## [Work instructions]
Please set down the entire listing exactly.

• • • • • • •

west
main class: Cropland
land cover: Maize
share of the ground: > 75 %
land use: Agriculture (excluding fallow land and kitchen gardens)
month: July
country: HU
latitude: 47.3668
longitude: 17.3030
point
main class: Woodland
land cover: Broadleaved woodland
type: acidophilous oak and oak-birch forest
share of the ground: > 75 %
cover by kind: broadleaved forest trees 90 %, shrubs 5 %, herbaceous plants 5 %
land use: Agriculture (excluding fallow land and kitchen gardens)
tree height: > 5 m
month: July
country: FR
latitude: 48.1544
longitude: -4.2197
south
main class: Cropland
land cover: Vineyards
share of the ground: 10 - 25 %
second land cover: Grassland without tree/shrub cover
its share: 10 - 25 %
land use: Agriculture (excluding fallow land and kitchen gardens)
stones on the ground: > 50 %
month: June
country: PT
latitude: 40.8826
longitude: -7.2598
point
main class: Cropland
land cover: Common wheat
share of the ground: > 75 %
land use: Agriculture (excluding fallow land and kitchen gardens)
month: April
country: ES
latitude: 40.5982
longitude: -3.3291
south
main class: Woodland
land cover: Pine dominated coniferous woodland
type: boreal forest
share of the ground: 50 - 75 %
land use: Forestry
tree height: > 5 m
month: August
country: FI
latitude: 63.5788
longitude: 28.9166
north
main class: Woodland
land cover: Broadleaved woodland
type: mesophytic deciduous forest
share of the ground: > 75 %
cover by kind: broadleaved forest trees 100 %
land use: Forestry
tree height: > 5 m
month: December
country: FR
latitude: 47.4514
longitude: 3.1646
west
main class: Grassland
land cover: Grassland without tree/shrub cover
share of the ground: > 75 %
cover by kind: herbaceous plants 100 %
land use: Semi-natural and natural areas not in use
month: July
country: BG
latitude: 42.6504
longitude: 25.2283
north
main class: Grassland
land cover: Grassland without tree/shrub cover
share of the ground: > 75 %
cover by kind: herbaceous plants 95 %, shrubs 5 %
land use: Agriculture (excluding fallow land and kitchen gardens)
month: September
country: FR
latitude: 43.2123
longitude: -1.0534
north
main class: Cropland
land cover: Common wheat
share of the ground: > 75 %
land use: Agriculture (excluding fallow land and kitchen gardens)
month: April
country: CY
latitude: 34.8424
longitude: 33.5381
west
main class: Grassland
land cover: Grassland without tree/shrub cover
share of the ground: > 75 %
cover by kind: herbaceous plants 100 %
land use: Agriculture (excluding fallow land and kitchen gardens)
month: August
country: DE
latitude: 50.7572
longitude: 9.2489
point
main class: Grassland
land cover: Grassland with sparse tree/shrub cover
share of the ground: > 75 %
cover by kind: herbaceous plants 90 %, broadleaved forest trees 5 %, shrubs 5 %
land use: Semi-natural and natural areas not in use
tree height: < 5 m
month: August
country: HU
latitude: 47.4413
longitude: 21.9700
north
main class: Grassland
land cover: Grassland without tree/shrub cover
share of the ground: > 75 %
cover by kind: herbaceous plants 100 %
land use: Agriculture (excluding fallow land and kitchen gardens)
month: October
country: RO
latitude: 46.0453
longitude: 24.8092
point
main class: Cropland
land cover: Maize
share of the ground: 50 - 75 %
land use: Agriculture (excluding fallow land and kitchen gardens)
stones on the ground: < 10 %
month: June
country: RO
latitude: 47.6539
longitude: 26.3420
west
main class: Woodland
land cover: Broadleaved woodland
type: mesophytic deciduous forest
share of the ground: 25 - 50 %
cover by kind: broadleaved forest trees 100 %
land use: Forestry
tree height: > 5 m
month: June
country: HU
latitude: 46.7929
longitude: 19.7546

• • • • • • •

## [Solution below]
west
main class: Cropland
land cover: Maize
share of the ground: > 75 %
land use: Agriculture (excluding fallow land and kitchen gardens)
month: July
country: HU
latitude: 47.3668
longitude: 17.3030
point
main class: Woodland
land cover: Broadleaved woodland
type: acidophilous oak and oak-birch forest
share of the ground: > 75 %
cover by kind: broadleaved forest trees 90 %, shrubs 5 %, herbaceous plants 5 %
land use: Agriculture (excluding fallow land and kitchen gardens)
tree height: > 5 m
month: July
country: FR
latitude: 48.1544
longitude: -4.2197
south
main class: Cropland
land cover: Vineyards
share of the ground: 10 - 25 %
second land cover: Grassland without tree/shrub cover
its share: 10 - 25 %
land use: Agriculture (excluding fallow land and kitchen gardens)
stones on the ground: > 50 %
month: June
country: PT
latitude: 40.8826
longitude: -7.2598
point
main class: Cropland
land cover: Common wheat
share of the ground: > 75 %
land use: Agriculture (excluding fallow land and kitchen gardens)
month: April
country: ES
latitude: 40.5982
longitude: -3.3291
south
main class: Woodland
land cover: Pine dominated coniferous woodland
type: boreal forest
share of the ground: 50 - 75 %
land use: Forestry
tree height: > 5 m
month: August
country: FI
latitude: 63.5788
longitude: 28.9166
north
main class: Woodland
land cover: Broadleaved woodland
type: mesophytic deciduous forest
share of the ground: > 75 %
cover by kind: broadleaved forest trees 100 %
land use: Forestry
tree height: > 5 m
month: December
country: FR
latitude: 47.4514
longitude: 3.1646
west
main class: Grassland
land cover: Grassland without tree/shrub cover
share of the ground: > 75 %
cover by kind: herbaceous plants 100 %
land use: Semi-natural and natural areas not in use
month: July
country: BG
latitude: 42.6504
longitude: 25.2283
north
main class: Grassland
land cover: Grassland without tree/shrub cover
share of the ground: > 75 %
cover by kind: herbaceous plants 95 %, shrubs 5 %
land use: Agriculture (excluding fallow land and kitchen gardens)
month: September
country: FR
latitude: 43.2123
longitude: -1.0534
north
main class: Cropland
land cover: Common wheat
share of the ground: > 75 %
land use: Agriculture (excluding fallow land and kitchen gardens)
month: April
country: CY
latitude: 34.8424
longitude: 33.5381
west
main class: Grassland
land cover: Grassland without tree/shrub cover
share of the ground: > 75 %
cover by kind: herbaceous plants 100 %
land use: Agriculture (excluding fallow land and kitchen gardens)
month: August
country: DE
latitude: 50.7572
longitude: 9.2489
point
main class: Grassland
land cover: Grassland with sparse tree/shrub cover
share of the ground: > 75 %
cover by kind: herbaceous plants 90 %, broadleaved forest trees 5 %, shrubs 5 %
land use: Semi-natural and natural areas not in use
tree height: < 5 m
month: August
country: HU
latitude: 47.4413
longitude: 21.9700
north
main class: Grassland
land cover: Grassland without tree/shrub cover
share of the ground: > 75 %
cover by kind: herbaceous plants 100 %
land use: Agriculture (excluding fallow land and kitchen gardens)
month: October
country: RO
latitude: 46.0453
longitude: 24.8092
point
main class: Cropland
land cover: Maize
share of the ground: 50 - 75 %
land use: Agriculture (excluding fallow land and kitchen gardens)
stones on the ground: < 10 %
month: June
country: RO
latitude: 47.6539
longitude: 26.3420
west
main class: Woodland
land cover: Broadleaved woodland
type: mesophytic deciduous forest
share of the ground: 25 - 50 %
cover by kind: broadleaved forest trees 100 %
land use: Forestry
tree height: > 5 m
month: June
country: HU
latitude: 46.7929
longitude: 19.7546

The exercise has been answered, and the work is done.